:: What the task requires ::
Locate the line that contains "Nihon Sumo Kyokai" in the entries below. Retype it and all following lines through the final one, character for character.

:: Entries provided ::

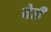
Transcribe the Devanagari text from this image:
येरी
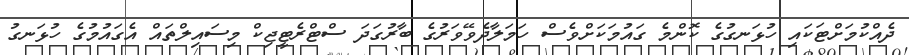
ދެއްކުމަށްޓަކައި ހުޅަނގުގެ ކޮންމެ ގައުމަކަށްވެސް ހަމަލާދެވޭވަރުގެ ބާރުގަދަ ސްޓްރެޓީޖިކް މިސައިލްތައް އެގައުމުގެ ހުޅަނގު
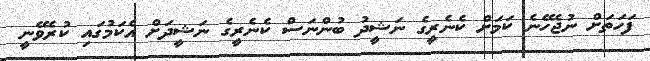
ފަހަތަށް ނުޖެހޭނެ ކަމަށް ކެނެރީގެ ނަޝީދު ބުންނަސް ކެނެރީގެ ނަޝީދަށް އެކަމުގައި ކުރެވޭނީ
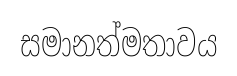
සමානත්මතාවය
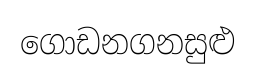
ගොඩනගනසුළු
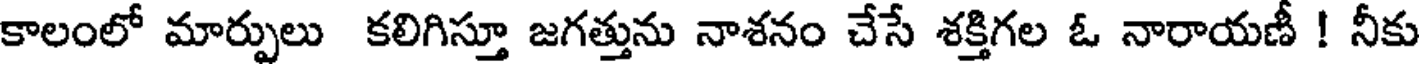
కాలంలో మార్పులు కలిగిస్తూ జగత్తును నాశనం చేసే శక్తిగల ఓ నారాయణీ ! నీకు
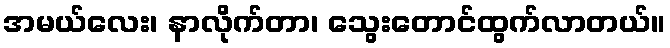
အမယ်လေး၊ နာလိုက်တာ၊ သွေးတောင်ထွက်လာတယ်။
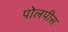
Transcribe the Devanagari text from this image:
पोलपीस
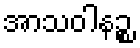
အာသဝါနဉ္စ
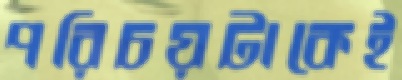
পরিচয়টাকেই
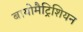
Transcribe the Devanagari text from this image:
बायोमैट्रिशियन
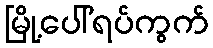
မြို့ပေါ်ရပ်ကွက်
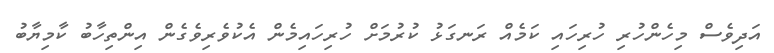
އަދިވެސް މިހެންހުރި ހުރިހައި ކަމެއް ރަނގަޅު ކުރުމަށް ހުރިހައިމެން އެކުވެރިވެގެން އިންތިހާބު ކާމިޔާބު
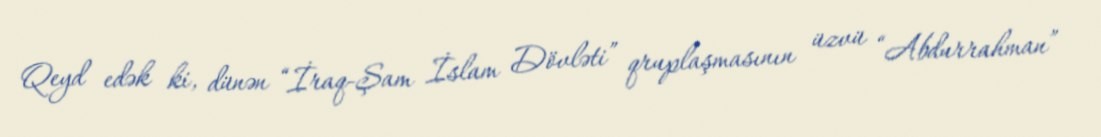
Qeyd edək ki, dünən “İraq-Şam İslam Dövləti” qruplaşmasının üzvü “Abdurrahman”
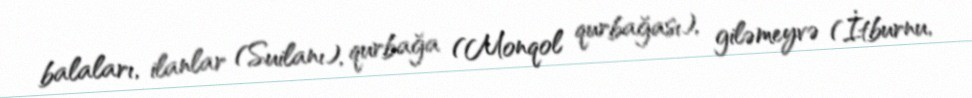
balaları, ilanlar (Suilanı), qurbağa (Monqol qurbağası), giləmeyvə (İtburnu,
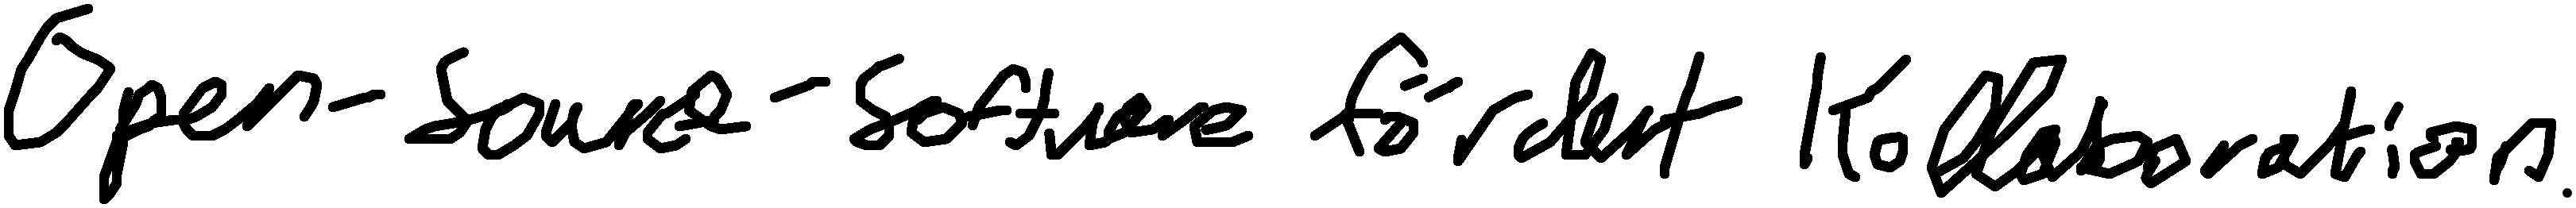
Open-Source-Software fördert Kollaboration.
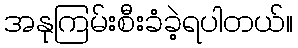
အနုကြမ်းစီးခံခဲ့ရပါတယ်။
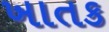
ખાતક
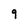
Character: 9
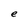
Character: e
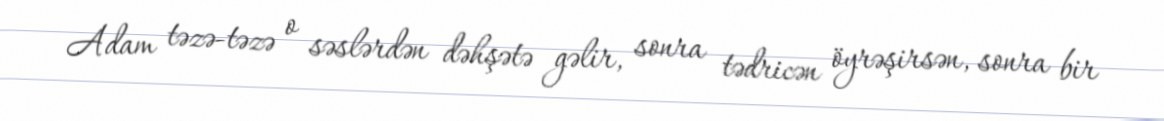
Adam təzə-təzə o səslərdən dəhşətə gəlir, sonra tədricən öyrəşirsən, sonra bir
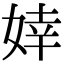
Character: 婞
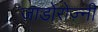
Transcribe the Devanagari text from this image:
जाडोरोज़्नी
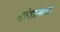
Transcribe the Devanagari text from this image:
दोषात्मक
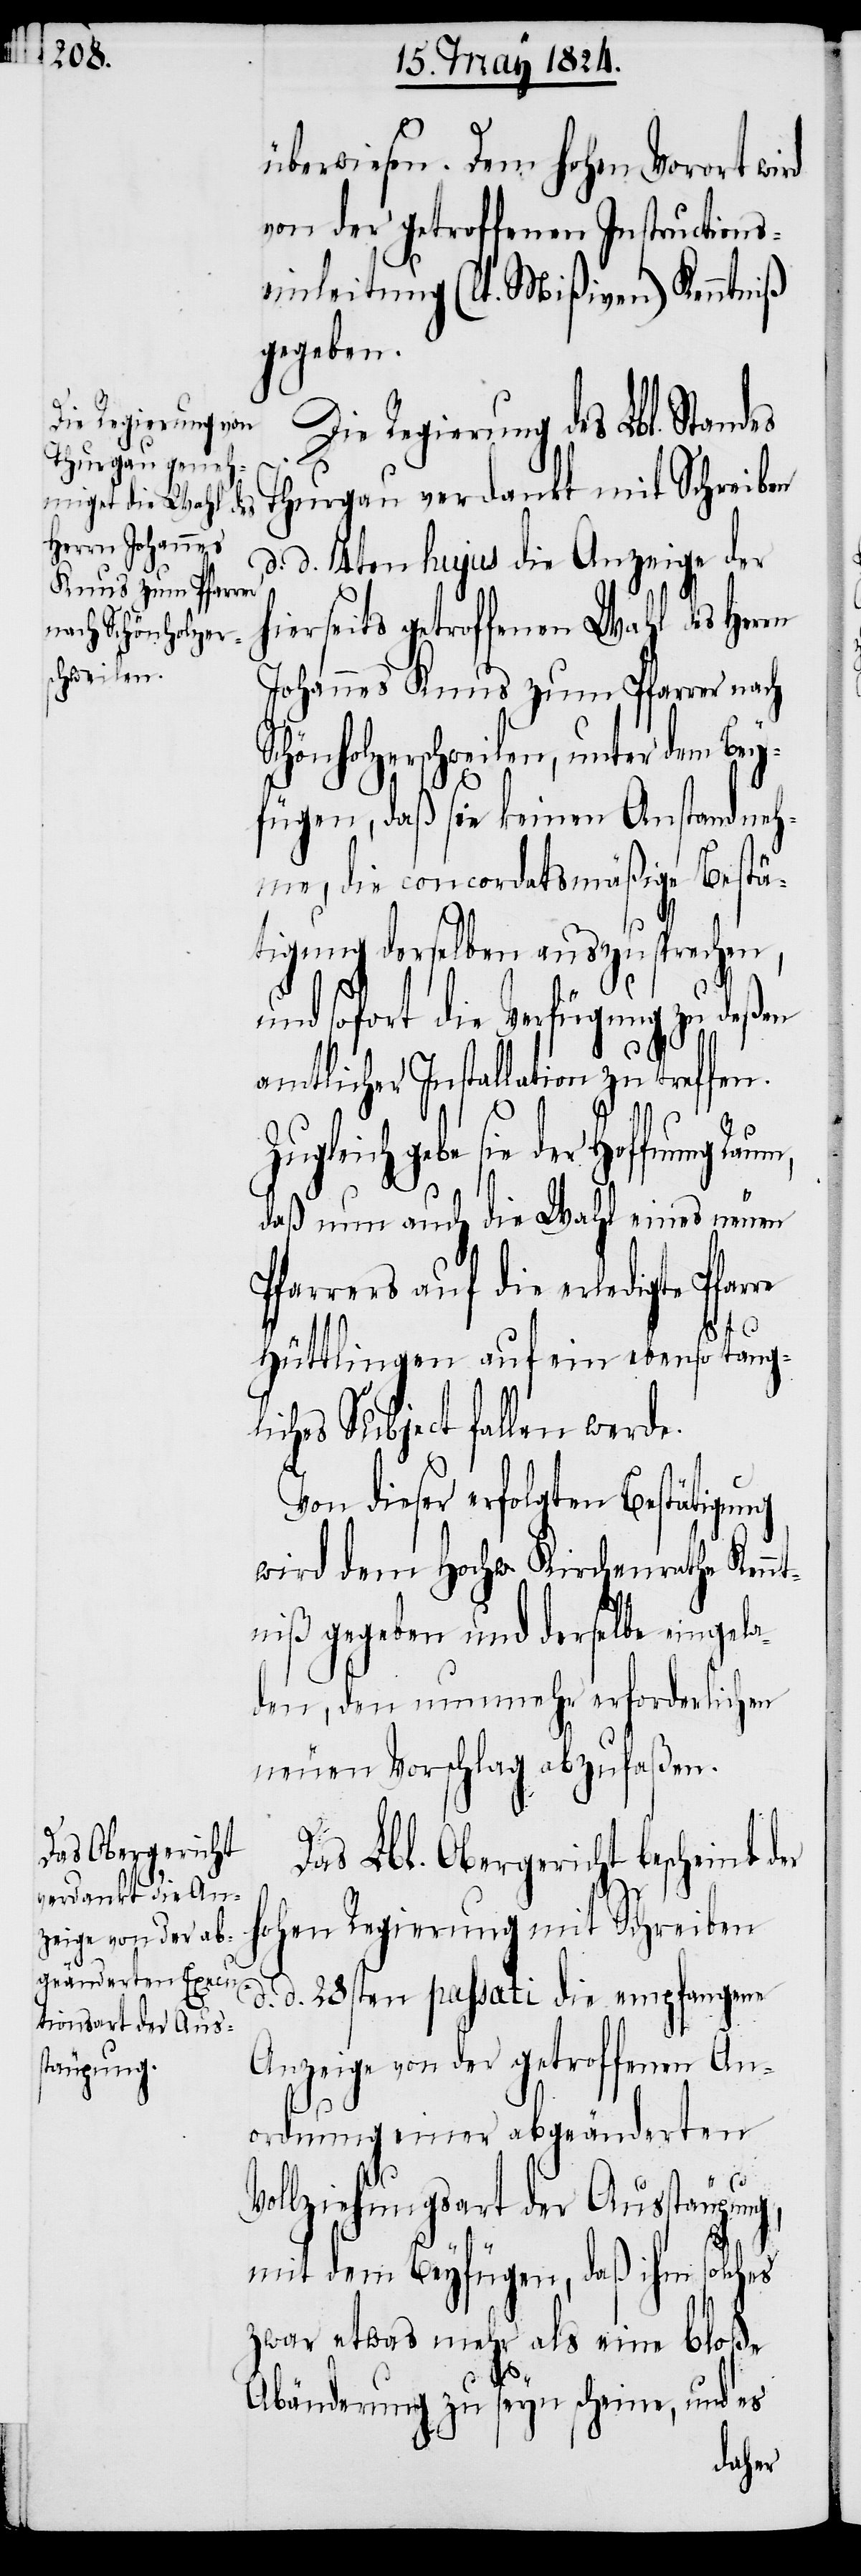
überwiesen. Dem hohen Vorort wird
von der getroffenen Instructions¬
einleitung (lt. Mißiven) Kenntniß
gegeben.
Die Regierung des Lbl. Stand¬
Thurgau verdankt mit Schreiben
d. d. 4. hujus die Anzeige der
hierseits getroffenen Wahl des Herrn
Johannes Knus zum Pfarrer nach
Schönholzerschweilen, unter dem Bey¬
fügen, daß sie keinen Anstand neh¬
me, die concordatsmäßige Bestä¬
tigung derselben auszusprechen,
nd sofort die Verfügung zu deßen
amtlicher Installation zu treffen.
u¬
Zugleich gebe sie der Hoffnung Raum,
daß nun auch die Wahl eines neuen
Pfarrers auf die erledigte Pfarre
Hüttlingen auf ein ebenso taugl¬
iches Subject fallen werde.
Von dieser erfolgten Bestätigung
wird dem Hochw. Kirchenrathe Kennt¬
niß gegeben und derselbe eingela¬
den, den nunmehr erforderlichen
neuen Vorschlag abzufaßen.
Das Lbl. Obergericht bescheint der
hohen Regierung mit Schreiben
d. d. 28sten passati die empfangene
Anzeige von der getroffenen An¬
ordnung einer abgeänderten
Vollziehungsart der Ausstäupung,
mit dem Beyfügen, daß ihm solches
zwar etwas mehr als eine bloße
Abänderung zu seyn scheine, und es
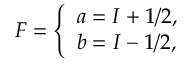
\begin{array} { r } { F = \left\{ \begin{array} { l l } { a = I + 1 / 2 , } \\ { b = I - 1 / 2 , } \end{array} \right. } \end{array}
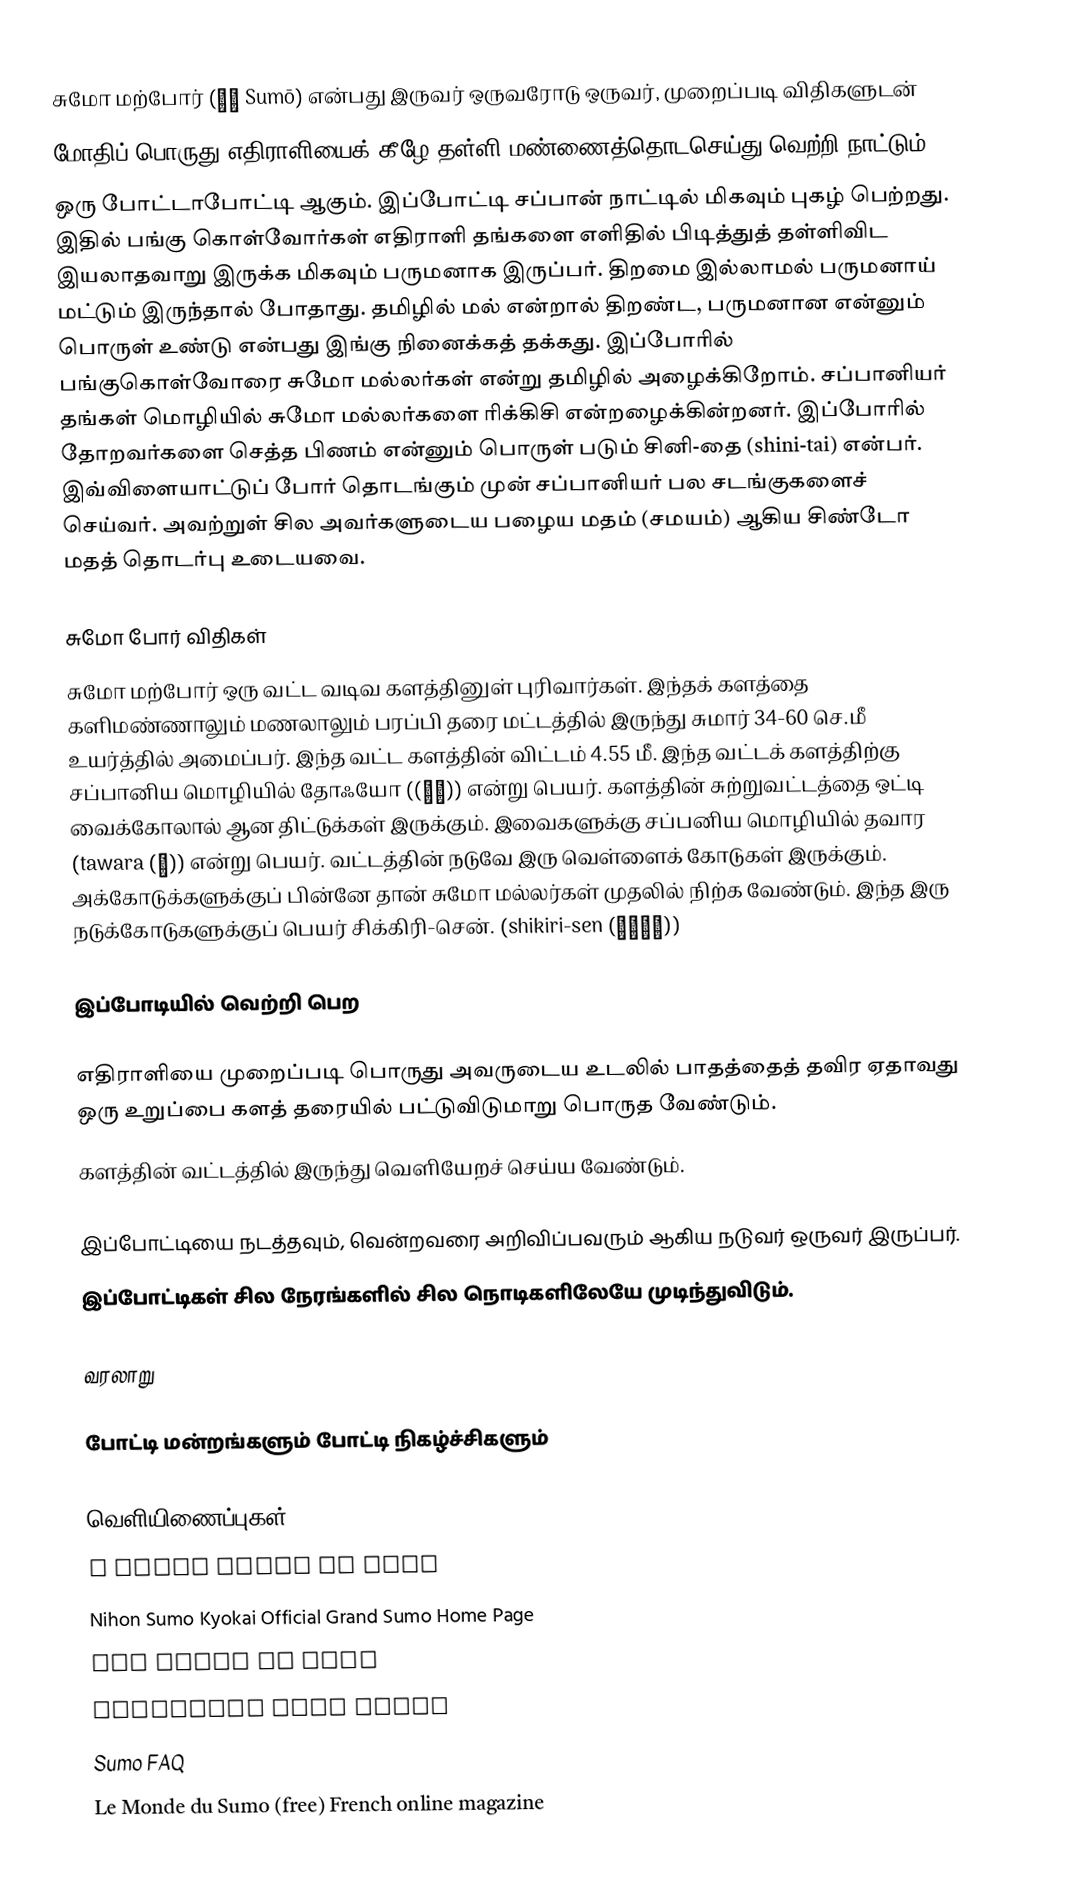
சுமோ மற்போர் (相撲 Sumō) என்பது இருவர் ஒருவரோடு ஒருவர், முறைப்படி விதிகளுடன்
மோதிப் பொருது எதிராளியைக் கீழே தள்ளி மண்ணைத்தொடசெய்து வெற்றி நாட்டும்
ஒரு போட்டாபோட்டி ஆகும். இப்போட்டி சப்பான் நாட்டில் மிகவும் புகழ் பெற்றது. இதில் பங்கு கொள்வோர்கள் எதிராளி தங்களை எளிதில் பிடித்துத் தள்ளிவிட இயலாதவாறு இருக்க மிகவும் பருமனாக இருப்பர். திறமை இல்லாமல் பருமனாய் மட்டும் இருந்தால் போதாது. தமிழில் மல் என்றால் திறண்ட, பருமனான என்னும் பொருள் உண்டு என்பது இங்கு நினைக்கத் தக்கது. இப்போரில் பங்குகொள்வோரை சுமோ மல்லர்கள் என்று தமிழில் அழைக்கிறோம். சப்பானியர் தங்கள் மொழியில் சுமோ மல்லர்களை ரிக்கிசி என்றழைக்கின்றனர். இப்போரில் தோறவர்களை செத்த பிணம் என்னும் பொருள் படும் சினி-தை (shini-tai) என்பர். இவ்விளையாட்டுப் போர் தொடங்கும் முன் சப்பானியர் பல சடங்குகளைச் செய்வர். அவற்றுள் சில அவர்களுடைய பழைய மதம் (சமயம்) ஆகிய சிண்டோ மதத் தொடர்பு உடையவை.

சுமோ போர் விதிகள்
சுமோ மற்போர் ஒரு வட்ட வடிவ களத்தினுள் புரிவார்கள். இந்தக் களத்தை களிமண்ணாலும் மணலாலும் பரப்பி தரை மட்டத்தில் இருந்து சுமார் 34-60 செ.மீ உயர்த்தில் அமைப்பர். இந்த வட்ட களத்தின் விட்டம் 4.55 மீ. இந்த வட்டக் களத்திற்கு சப்பானிய மொழியில் தோஃயோ ((土俵)) என்று பெயர். களத்தின் சுற்றுவட்டத்தை ஒட்டி வைக்கோலால் ஆன திட்டுக்கள் இருக்கும். இவைகளுக்கு சப்பனிய மொழியில் தவார (tawara (俵)) என்று பெயர். வட்டத்தின் நடுவே இரு வெள்ளைக் கோடுகள் இருக்கும். அக்கோடுக்களுக்குப் பின்னே தான் சுமோ மல்லர்கள் முதலில் நிற்க வேண்டும். இந்த இரு நடுக்கோடுகளுக்குப் பெயர் சிக்கிரி-சென். (shikiri-sen (仕切り線))

இப்போடியில் வெற்றி பெற

 எதிராளியை முறைப்படி பொருது அவருடைய உடலில் பாதத்தைத் தவிர ஏதாவது ஒரு உறுப்பை களத் தரையில் பட்டுவிடுமாறு பொருத வேண்டும்.
 களத்தின் வட்டத்தில் இருந்து வெளியேறச் செய்ய வேண்டும்.

இப்போட்டியை நடத்தவும், வென்றவரை அறிவிப்பவரும் ஆகிய நடுவர் ஒருவர் இருப்பர்.
இப்போட்டிகள் சில நேரங்களில் சில நொடிகளிலேயே முடிந்துவிடும்.

வரலாறு

போட்டி மன்றங்களும் போட்டி நிகழ்ச்சிகளும்

வெளியிணைப்புகள்
 A Brief Guide to Sumo
 Nihon Sumo Kyokai Official Grand Sumo Home Page
 The World of Sumo
 worldwide sumo forum
 Sumo FAQ
 Le Monde du Sumo (free) French online magazine

:: Response ::
 Nihon Sumo Kyokai Official Grand Sumo Home Page
 The World of Sumo
 worldwide sumo forum
 Sumo FAQ
 Le Monde du Sumo (free) French online magazine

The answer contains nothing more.